Nutrition Facts : Calories 74 calories, Fat 4g fat (2g saturated fat), Cholesterol 10mg cholesterol, Sodium 61mg sodium, Carbohydrate 10g carbohydrate (6g sugars, Fiber 0 fiber), Protein 1g protein.
Tips:
- Chill the dough: Chilling the dough before baking helps to prevent the cookies from spreading too much in the oven. This will result in a thicker, chewier cookie.
- Don't overmix the dough: Overmixing the dough will make the cookies tough. Mix just until the ingredients are combined.
- Use a cookie scoop: A cookie scoop is a great way to ensure that all of your cookies are the same size and shape. This will help them to bake evenly.

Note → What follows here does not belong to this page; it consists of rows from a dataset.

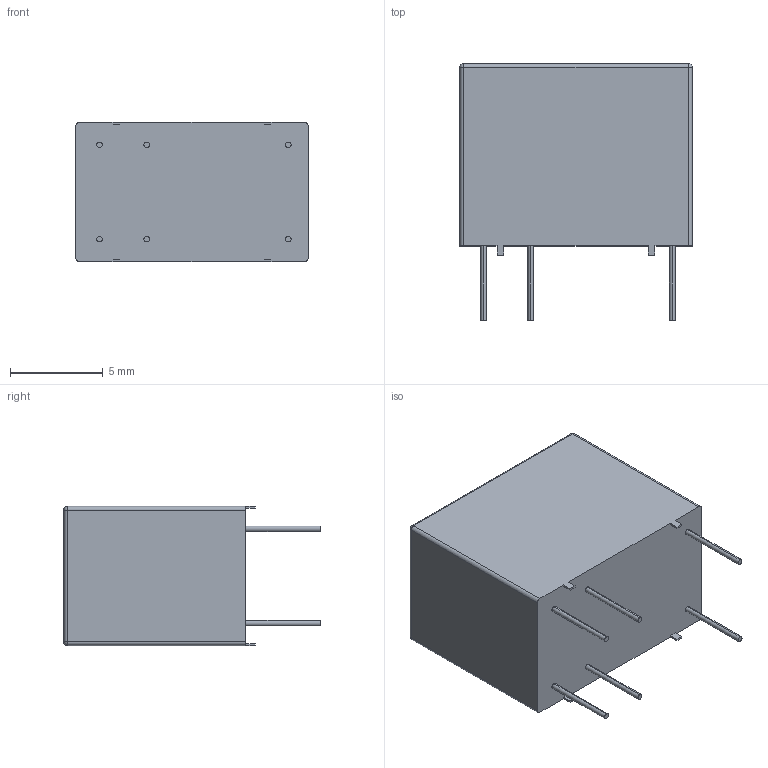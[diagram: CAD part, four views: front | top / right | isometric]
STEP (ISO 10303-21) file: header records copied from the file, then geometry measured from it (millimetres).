
FILE_DESCRIPTION (( 'STEP AP214' ), '1' );
FILE_NAME ('User Library-HT23F-DC5V-SDG.STEP', '2019-04-27T01:11:23', ( '' ), ( '' ), 'SwSTEP 2.0', 'SolidWorks 2019', '' );
FILE_SCHEMA (( 'AUTOMOTIVE_DESIGN' ));
Length unit declared in the file: millimetre
Products named in the file (1): User Library-HT23F-DC5V-SDG
Bounding box: 12.5 x 13.8 x 7.5 mm (x, y, z)
Volume: 919.8 mm3; surface area: 597.2 mm2
Topology: 1 solids, 1 shells, 582 faces, 1599 edges, 1060 vertices
Faces by surface type: plane 312, bspline 246, cylinder 20, sphere 4
Entity records: 28392 total; most frequent: CARTESIAN_POINT 14788, ORIENTED_EDGE 3190, DIRECTION 1817, EDGE_CURVE 1595, LINE 1063, VECTOR 1063, VERTEX_POINT 1060, EDGE_LOOP 627
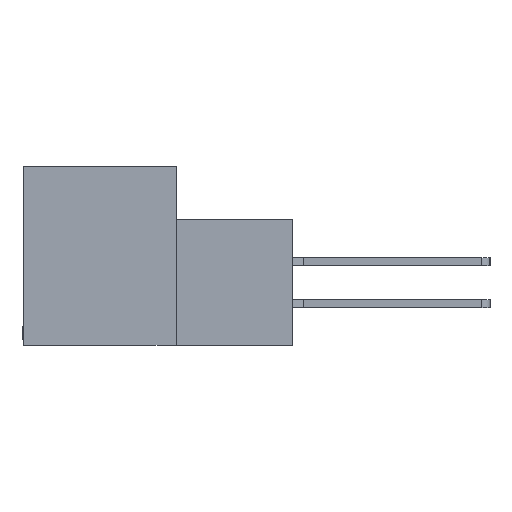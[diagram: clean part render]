
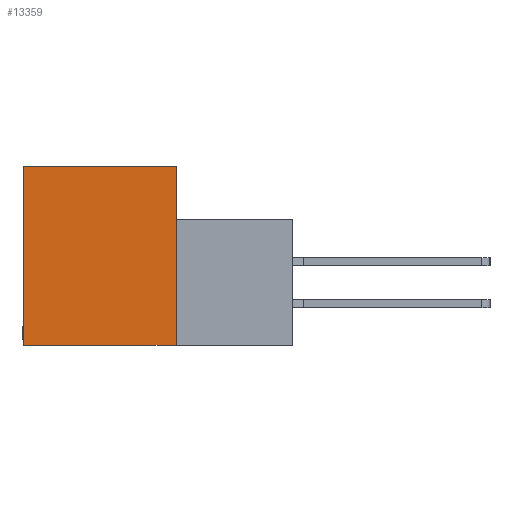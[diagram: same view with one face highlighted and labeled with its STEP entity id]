
A CAD part, left-side view. The second image highlights one B-rep face of the part: STEP entity #13359.
In plain terms, the highlighted planar face has unit normal (-1, 0, 0).
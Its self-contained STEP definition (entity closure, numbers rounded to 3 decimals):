
#196 = CARTESIAN_POINT ( 'NONE',  ( 0., 11.506, -13.487 ) ) ;
#1089 = CARTESIAN_POINT ( 'NONE',  ( 0., 11.506, 0. ) ) ;
#1960 = VECTOR ( 'NONE', #30671, 1000. ) ;
#5131 = ORIENTED_EDGE ( 'NONE', *, *, #23213, .F. ) ;
#5333 = VECTOR ( 'NONE', #33127, 1000. ) ;
#7245 = VERTEX_POINT ( 'NONE', #196 ) ;
#8311 = DIRECTION ( 'NONE',  ( 1., 0., 0. ) ) ;
#10011 = FACE_OUTER_BOUND ( 'NONE', #31907, .T. ) ;
#10785 = CARTESIAN_POINT ( 'NONE',  ( 0., 0., -13.487 ) ) ;
#10930 = CARTESIAN_POINT ( 'NONE',  ( 0., 0., 0. ) ) ;
#11243 = LINE ( 'NONE', #23902, #26373 ) ;
#11819 = CARTESIAN_POINT ( 'NONE',  ( 0., 0., 0. ) ) ;
#12147 = ORIENTED_EDGE ( 'NONE', *, *, #30258, .F. ) ;
#12576 = CARTESIAN_POINT ( 'NONE',  ( 0., 11.506, 0. ) ) ;
#13359 = ADVANCED_FACE ( 'NONE', ( #10011 ), #34520, .F. ) ;
#15921 = DIRECTION ( 'NONE',  ( 0., 0., 1. ) ) ;
#17595 = VERTEX_POINT ( 'NONE', #10785 ) ;
#18329 = VERTEX_POINT ( 'NONE', #11819 ) ;
#18472 = LINE ( 'NONE', #1089, #1960 ) ;
#19758 = CARTESIAN_POINT ( 'NONE',  ( 0., -8.814, -13.487 ) ) ;
#22098 = VECTOR ( 'NONE', #26315, 1000. ) ;
#23213 = EDGE_CURVE ( 'NONE', #17595, #7245, #25924, .T. ) ;
#23902 = CARTESIAN_POINT ( 'NONE',  ( 0., 11.506, -13.487 ) ) ;
#24624 = LINE ( 'NONE', #32048, #22098 ) ;
#25924 = LINE ( 'NONE', #19758, #5333 ) ;
#26315 = DIRECTION ( 'NONE',  ( 0., 0., -1. ) ) ;
#26373 = VECTOR ( 'NONE', #15921, 1000. ) ;
#29576 = EDGE_CURVE ( 'NONE', #7245, #34396, #11243, .T. ) ;
#29856 = ORIENTED_EDGE ( 'NONE', *, *, #30537, .F. ) ;
#30258 = EDGE_CURVE ( 'NONE', #34396, #18329, #18472, .T. ) ;
#30537 = EDGE_CURVE ( 'NONE', #18329, #17595, #24624, .T. ) ;
#30671 = DIRECTION ( 'NONE',  ( 0., -1., 0. ) ) ;
#31907 = EDGE_LOOP ( 'NONE', ( #5131, #29856, #12147, #34539 ) ) ;
#32048 = CARTESIAN_POINT ( 'NONE',  ( 0., 0., 0. ) ) ;
#32742 = DIRECTION ( 'NONE',  ( 0., 0., -1. ) ) ;
#33127 = DIRECTION ( 'NONE',  ( 0., 1., 0. ) ) ;
#34396 = VERTEX_POINT ( 'NONE', #12576 ) ;
#34520 = PLANE ( 'NONE',  #34578 ) ;
#34539 = ORIENTED_EDGE ( 'NONE', *, *, #29576, .F. ) ;
#34578 = AXIS2_PLACEMENT_3D ( 'NONE', #10930, #8311, #32742 ) ;
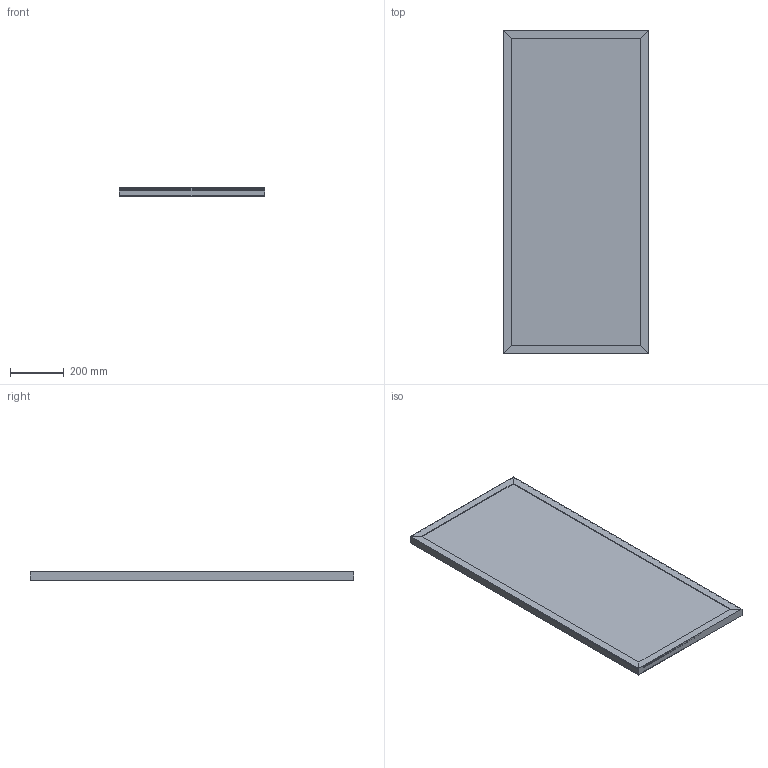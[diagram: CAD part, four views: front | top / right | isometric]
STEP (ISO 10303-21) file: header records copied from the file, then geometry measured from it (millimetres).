
FILE_DESCRIPTION(/* description */ (''),/* implementation_level */ '2;1');
FILE_NAME(/* name */ 'solar panel v2.step',/* time_stamp */ '2018-06-20T23:02:24+03:00',/* author */ (''),/* organization */ (''),/* preprocessor_version */ 'ST-DEVELOPER v17',/* originating_system */ 'Autodesk Translation Framework v7.1.0.215',/* authorisation */ '');
FILE_SCHEMA (('AUTOMOTIVE_DESIGN { 1 0 10303 214 3 1 1 }'));
Length unit declared in the file: millimetre
Products named in the file (8): solar panel; solar panel_1; Component2; Component3; Component4; Component5; Component6; Component7
Assembly tree (7 placements, depth 3):
  solar panel
    solar panel_1
      Component2
      Component3
      Component4
      Component5
      Component6
      Component7
Bounding box: 540 x 1200 x 30 mm (x, y, z)
Volume: 4680072 mm3; surface area: 3163147.1 mm2
Topology: 6 solids, 6 shells, 52 faces, 120 edges, 80 vertices
Faces by surface type: plane 52
Entity records: 1698 total; most frequent: CARTESIAN_POINT 267, DIRECTION 254, ORIENTED_EDGE 240, LINE 120, VECTOR 120, EDGE_CURVE 120, VERTEX_POINT 80, AXIS2_PLACEMENT_3D 67

- Bake the cookies until they are just set: The cookies should be slightly soft in the center when you take them out of the oven. They will continue to firm up as they cool.
- Let the cookies cool completely: Once the cookies are baked, let them cool completely on a wire rack before you ice them. This will help the icing to set properly.
Conclusion:
These iced anise cookies are a delicious and festive treat that are perfect for any occasion. They are easy to make and can be decorated with a variety of colors and sprinkles. Whether you are baking them for a holiday party or just for a snack, these cookies are sure to please everyone.